> REQUIRED WORK
Each record, minus any picture, should be returned exactly as written.

(Records from a collection)
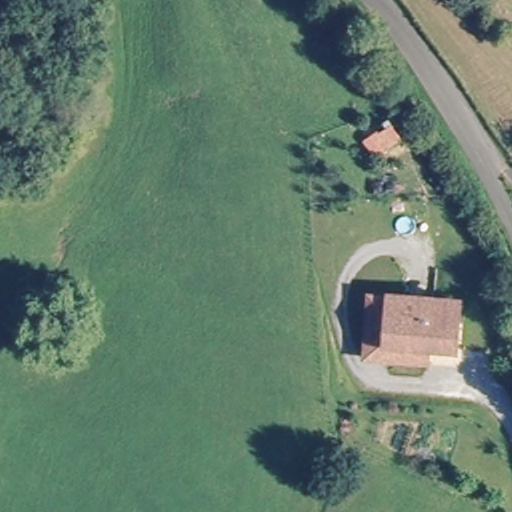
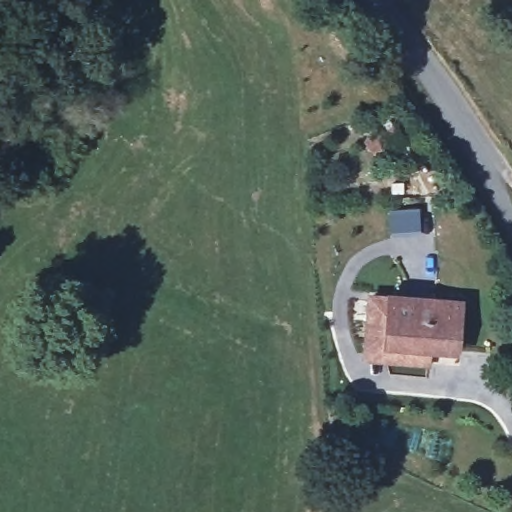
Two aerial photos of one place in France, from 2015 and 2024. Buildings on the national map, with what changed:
unchanged [(386,346),(385,351),(364,348),(370,297),(457,305),(453,351),(386,346)]

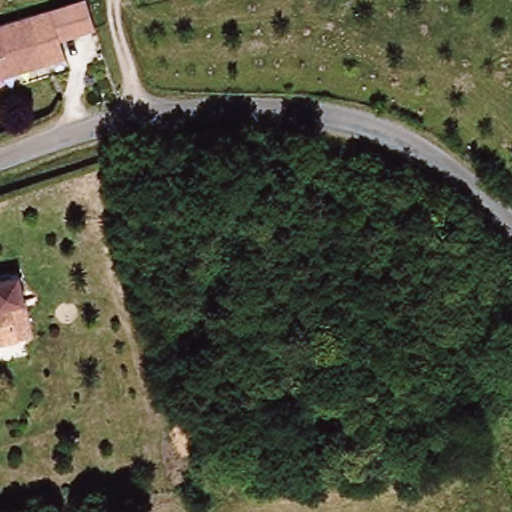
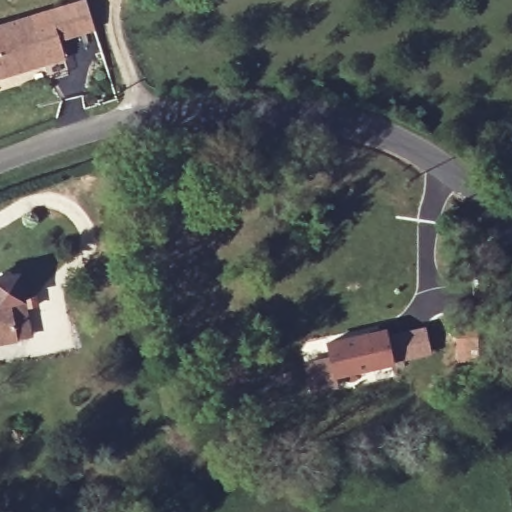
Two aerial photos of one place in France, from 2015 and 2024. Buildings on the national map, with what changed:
unchanged [(71,56),(0,83),(0,29),(75,0),(85,0),(91,23),(65,32),(71,56)]
unchanged [(20,345),(0,348),(0,296),(13,294),(20,345)]
new [(330,345),(386,331),(388,339),(426,329),(432,353),(408,359),(409,361),(339,378),(341,387),(314,394),(307,367),(334,360),(330,345)]

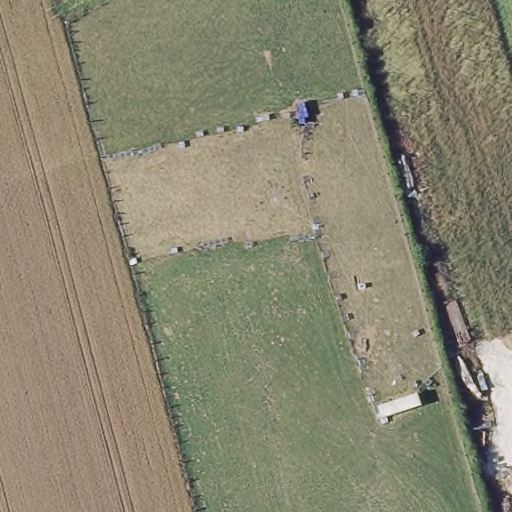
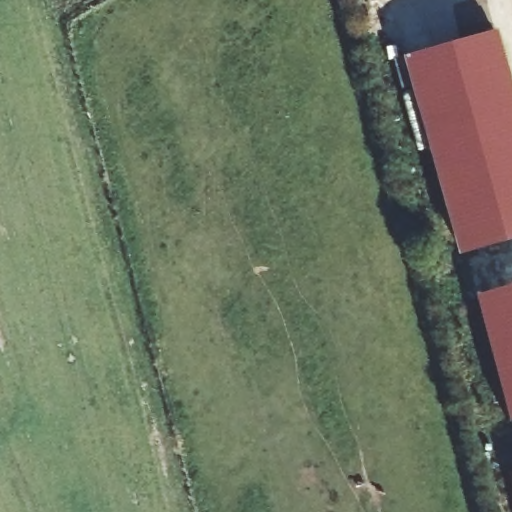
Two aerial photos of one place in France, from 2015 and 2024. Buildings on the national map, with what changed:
new [(496,34),(512,90),(512,242),(460,255),(406,60),(496,34)]
new [(512,291),(512,421),(509,422),(477,300),(512,291)]
new [(510,470),(512,470),(512,477),(510,470)]

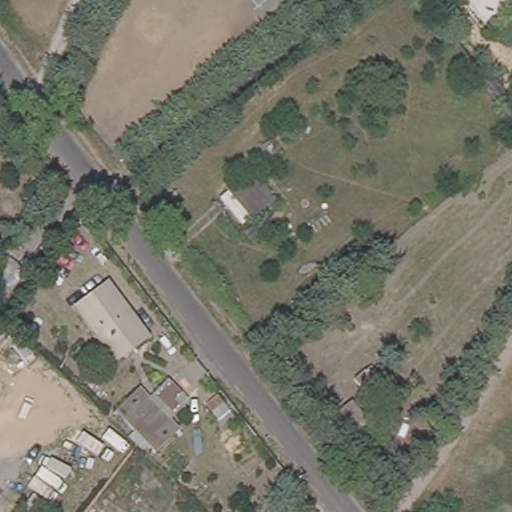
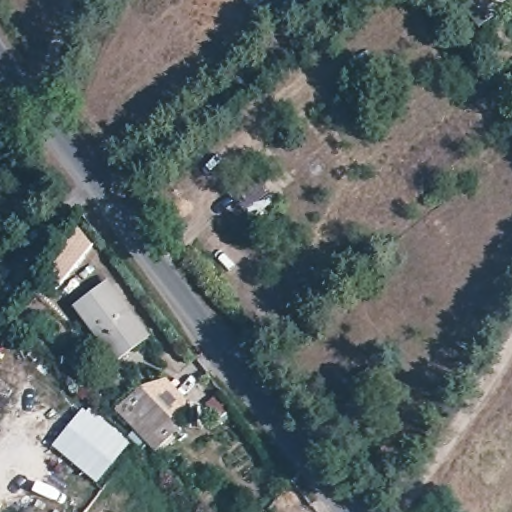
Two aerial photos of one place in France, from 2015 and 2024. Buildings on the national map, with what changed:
unchanged [(252,214),(239,224),(216,197),(229,186),(252,214)]
unchanged [(116,355),(78,303),(109,280),(147,333),(116,355)]
new [(0,408),(0,379),(14,389),(0,408)]
unchanged [(154,448),(117,408),(139,385),(178,426),(154,448)]
new [(131,445),(99,485),(54,448),(86,407),(131,445)]
unchanged [(364,438),(349,419),(363,407),(378,427),(364,438)]

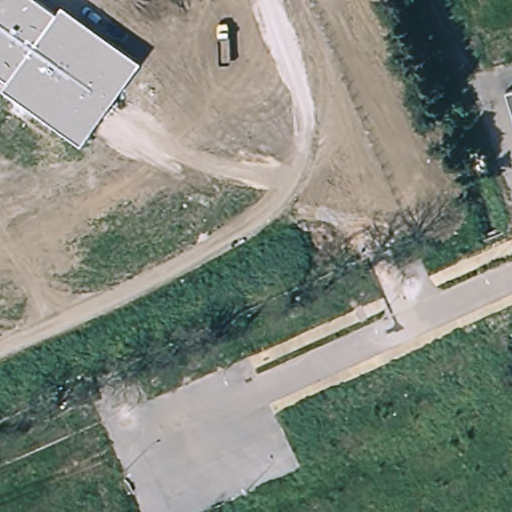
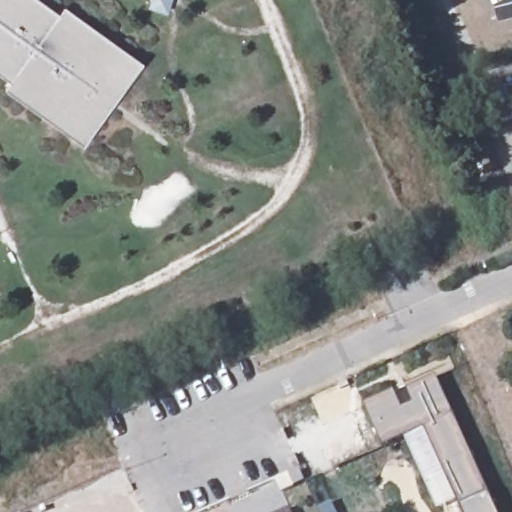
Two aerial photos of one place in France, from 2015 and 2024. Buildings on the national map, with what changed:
unchanged [(57,13),(61,6),(140,61),(82,145),(4,87),(9,79),(0,74),(0,0),(38,0),(57,13)]
unchanged [(512,88),(512,111),(506,90),(512,88)]
new [(394,391),(402,409),(413,404),(406,390),(436,377),(489,494),(459,507),(423,429),(383,448),(363,405),(394,391)]
new [(489,494),(497,512),(462,512),(460,507),(489,494)]

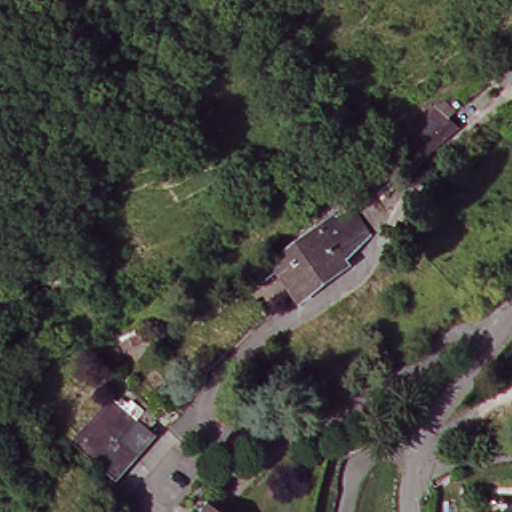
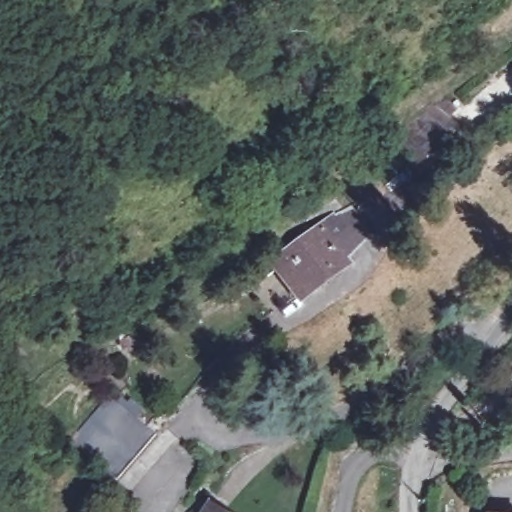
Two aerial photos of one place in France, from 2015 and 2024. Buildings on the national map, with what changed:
unchanged [(437,107),(463,127),(415,170),(392,140),(437,107)]
unchanged [(293,305),(268,271),(338,219),(360,247),(335,275),(293,305)]
unchanged [(52,292),(50,284),(33,286),(33,276),(67,273),(68,282),(65,282),(65,291),(52,292)]
unchanged [(140,334),(144,343),(125,352),(120,343),(140,334)]
unchanged [(112,397),(125,409),(133,400),(144,409),(147,411),(139,420),(157,436),(138,458),(92,420),(112,397)]
unchanged [(512,418),(511,417),(512,416),(512,418)]
unchanged [(138,458),(118,480),(73,441),(83,430),(92,420),(138,458)]
unchanged [(219,512),(210,512),(213,508),(219,512)]

> SOLUTION FOR THIS TASK
Two aerial photos of one place in France, from 2015 and 2024. Buildings on the national map, with what changed:
unchanged [(386,346),(385,351),(364,348),(370,297),(457,305),(453,351),(386,346)]

Two aerial photos of one place in France, from 2015 and 2024. Buildings on the national map, with what changed:
unchanged [(71,56),(0,83),(0,29),(75,0),(85,0),(91,23),(65,32),(71,56)]
unchanged [(20,345),(0,348),(0,296),(13,294),(20,345)]
new [(330,345),(386,331),(388,339),(426,329),(432,353),(408,359),(409,361),(339,378),(341,387),(314,394),(307,367),(334,360),(330,345)]

Two aerial photos of one place in France, from 2015 and 2024. Buildings on the national map, with what changed:
new [(496,34),(512,90),(512,242),(460,255),(406,60),(496,34)]
new [(512,291),(512,421),(509,422),(477,300),(512,291)]
new [(510,470),(512,470),(512,477),(510,470)]

Two aerial photos of one place in France, from 2015 and 2024. Buildings on the national map, with what changed:
unchanged [(252,214),(239,224),(216,197),(229,186),(252,214)]
unchanged [(116,355),(78,303),(109,280),(147,333),(116,355)]
new [(0,408),(0,379),(14,389),(0,408)]
unchanged [(154,448),(117,408),(139,385),(178,426),(154,448)]
new [(131,445),(99,485),(54,448),(86,407),(131,445)]
unchanged [(364,438),(349,419),(363,407),(378,427),(364,438)]

Two aerial photos of one place in France, from 2015 and 2024. Buildings on the national map, with what changed:
unchanged [(57,13),(61,6),(140,61),(82,145),(4,87),(9,79),(0,74),(0,0),(38,0),(57,13)]
unchanged [(512,88),(512,111),(506,90),(512,88)]
new [(394,391),(402,409),(413,404),(406,390),(436,377),(489,494),(459,507),(423,429),(383,448),(363,405),(394,391)]
new [(489,494),(497,512),(462,512),(460,507),(489,494)]

Two aerial photos of one place in France, from 2015 and 2024. Buildings on the national map, with what changed:
unchanged [(437,107),(463,127),(415,170),(392,140),(437,107)]
unchanged [(293,305),(268,271),(338,219),(360,247),(335,275),(293,305)]
unchanged [(52,292),(50,284),(33,286),(33,276),(67,273),(68,282),(65,282),(65,291),(52,292)]
unchanged [(140,334),(144,343),(125,352),(120,343),(140,334)]
unchanged [(112,397),(125,409),(133,400),(144,409),(147,411),(139,420),(157,436),(138,458),(92,420),(112,397)]
unchanged [(512,418),(511,417),(512,416),(512,418)]
unchanged [(138,458),(118,480),(73,441),(83,430),(92,420),(138,458)]
unchanged [(219,512),(210,512),(213,508),(219,512)]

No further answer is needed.